REQUIRED WORK: Scan the records below for the line with "[diagram: clean part render]" and the line with "#1228 = CARTESIAN_POINT", and retype that range exactly, both ends included, pictures excepted.

RECORDS SHOWN:
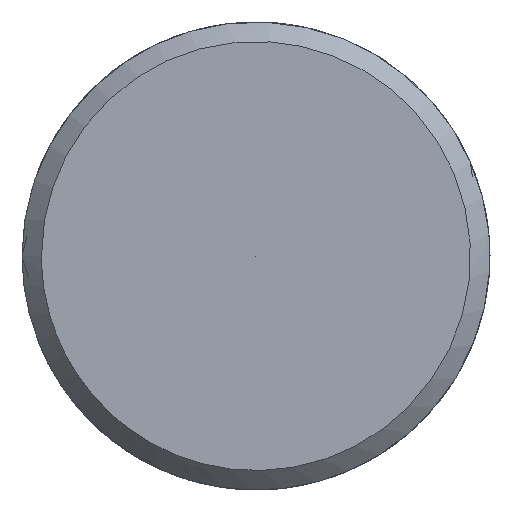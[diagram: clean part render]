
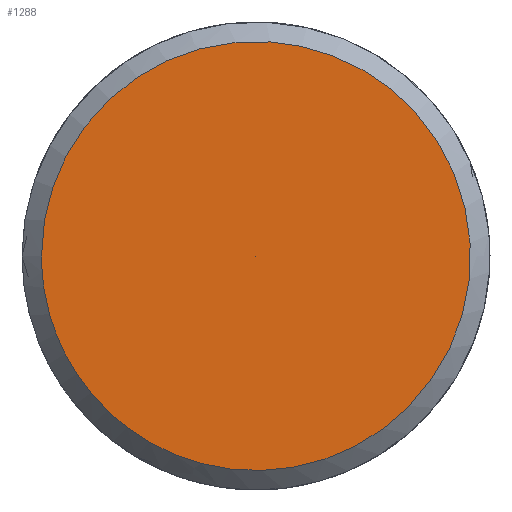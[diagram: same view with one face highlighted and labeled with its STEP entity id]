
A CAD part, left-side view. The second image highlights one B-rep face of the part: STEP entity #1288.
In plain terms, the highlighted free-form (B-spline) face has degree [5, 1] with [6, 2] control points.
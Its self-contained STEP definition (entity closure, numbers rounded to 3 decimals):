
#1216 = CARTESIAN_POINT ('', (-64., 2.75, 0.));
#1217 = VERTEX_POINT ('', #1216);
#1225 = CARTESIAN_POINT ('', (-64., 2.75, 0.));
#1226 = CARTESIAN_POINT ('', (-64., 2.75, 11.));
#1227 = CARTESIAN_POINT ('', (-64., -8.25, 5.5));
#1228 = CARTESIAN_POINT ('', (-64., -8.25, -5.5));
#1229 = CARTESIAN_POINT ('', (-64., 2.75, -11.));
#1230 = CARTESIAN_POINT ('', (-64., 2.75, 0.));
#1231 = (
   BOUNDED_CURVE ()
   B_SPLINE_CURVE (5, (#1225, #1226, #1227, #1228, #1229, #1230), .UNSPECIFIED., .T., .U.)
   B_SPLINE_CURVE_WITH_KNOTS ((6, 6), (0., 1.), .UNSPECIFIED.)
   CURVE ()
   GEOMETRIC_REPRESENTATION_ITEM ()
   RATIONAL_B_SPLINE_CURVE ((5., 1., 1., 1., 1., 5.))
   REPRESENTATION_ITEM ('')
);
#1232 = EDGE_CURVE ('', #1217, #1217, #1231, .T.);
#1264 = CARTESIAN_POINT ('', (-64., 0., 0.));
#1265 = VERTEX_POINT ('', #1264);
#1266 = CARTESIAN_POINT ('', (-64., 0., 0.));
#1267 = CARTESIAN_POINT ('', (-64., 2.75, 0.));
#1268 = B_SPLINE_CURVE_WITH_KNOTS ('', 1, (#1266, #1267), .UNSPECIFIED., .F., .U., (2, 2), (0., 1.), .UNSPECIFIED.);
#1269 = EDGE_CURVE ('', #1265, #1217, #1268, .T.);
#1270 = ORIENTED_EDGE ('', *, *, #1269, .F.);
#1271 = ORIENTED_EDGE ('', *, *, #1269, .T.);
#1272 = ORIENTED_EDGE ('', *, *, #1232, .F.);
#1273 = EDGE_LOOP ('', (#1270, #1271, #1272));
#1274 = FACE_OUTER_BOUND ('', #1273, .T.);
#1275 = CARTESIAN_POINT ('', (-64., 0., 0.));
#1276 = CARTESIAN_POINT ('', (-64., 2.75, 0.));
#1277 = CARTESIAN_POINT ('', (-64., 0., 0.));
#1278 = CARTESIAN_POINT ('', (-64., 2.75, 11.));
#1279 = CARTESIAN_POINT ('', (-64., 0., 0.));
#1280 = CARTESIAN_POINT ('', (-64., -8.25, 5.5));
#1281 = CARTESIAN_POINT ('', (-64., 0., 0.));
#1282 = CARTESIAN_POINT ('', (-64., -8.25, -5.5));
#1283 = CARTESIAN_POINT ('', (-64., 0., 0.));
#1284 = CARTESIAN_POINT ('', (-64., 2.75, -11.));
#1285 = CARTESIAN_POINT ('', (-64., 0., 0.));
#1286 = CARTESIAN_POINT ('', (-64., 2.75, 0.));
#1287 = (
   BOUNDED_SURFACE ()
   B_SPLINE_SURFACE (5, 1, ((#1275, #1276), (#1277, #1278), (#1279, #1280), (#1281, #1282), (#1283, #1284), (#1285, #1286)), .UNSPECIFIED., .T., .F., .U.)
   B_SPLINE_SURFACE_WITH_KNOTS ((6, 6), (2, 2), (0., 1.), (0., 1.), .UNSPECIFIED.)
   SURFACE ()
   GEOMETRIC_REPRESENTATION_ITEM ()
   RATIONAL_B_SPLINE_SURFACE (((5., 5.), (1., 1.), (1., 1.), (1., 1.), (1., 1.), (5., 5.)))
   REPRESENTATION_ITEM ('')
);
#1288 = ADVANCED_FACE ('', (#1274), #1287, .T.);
==
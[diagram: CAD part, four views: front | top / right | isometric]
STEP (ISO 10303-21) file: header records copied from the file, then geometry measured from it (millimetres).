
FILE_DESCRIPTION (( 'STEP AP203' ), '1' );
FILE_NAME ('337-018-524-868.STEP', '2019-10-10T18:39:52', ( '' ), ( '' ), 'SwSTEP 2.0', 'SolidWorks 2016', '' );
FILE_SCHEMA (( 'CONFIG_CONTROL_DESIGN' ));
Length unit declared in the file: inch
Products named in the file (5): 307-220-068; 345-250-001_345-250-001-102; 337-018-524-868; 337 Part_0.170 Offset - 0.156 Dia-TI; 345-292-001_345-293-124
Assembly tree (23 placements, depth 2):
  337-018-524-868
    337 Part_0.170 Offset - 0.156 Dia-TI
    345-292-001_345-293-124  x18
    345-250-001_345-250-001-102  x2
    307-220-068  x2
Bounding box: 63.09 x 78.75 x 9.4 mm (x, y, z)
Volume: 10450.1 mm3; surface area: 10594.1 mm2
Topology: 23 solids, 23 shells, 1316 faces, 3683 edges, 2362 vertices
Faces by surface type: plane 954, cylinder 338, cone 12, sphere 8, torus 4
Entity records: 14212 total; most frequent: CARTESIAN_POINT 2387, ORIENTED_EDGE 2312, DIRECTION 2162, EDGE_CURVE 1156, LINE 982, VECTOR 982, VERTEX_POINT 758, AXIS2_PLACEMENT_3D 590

ANSWER TO THIS TASK:
[diagram: clean part render]
[diagram: same view with one face highlighted and labeled with its STEP entity id]
A CAD part, left-side view. The second image highlights one B-rep face of the part: STEP entity #1288.
In plain terms, the highlighted free-form (B-spline) face has degree [5, 1] with [6, 2] control points.
Its self-contained STEP definition (entity closure, numbers rounded to 3 decimals):
#1216 = CARTESIAN_POINT ('', (-64., 2.75, 0.));
#1217 = VERTEX_POINT ('', #1216);
#1225 = CARTESIAN_POINT ('', (-64., 2.75, 0.));
#1226 = CARTESIAN_POINT ('', (-64., 2.75, 11.));
#1227 = CARTESIAN_POINT ('', (-64., -8.25, 5.5));
#1228 = CARTESIAN_POINT ('', (-64., -8.25, -5.5));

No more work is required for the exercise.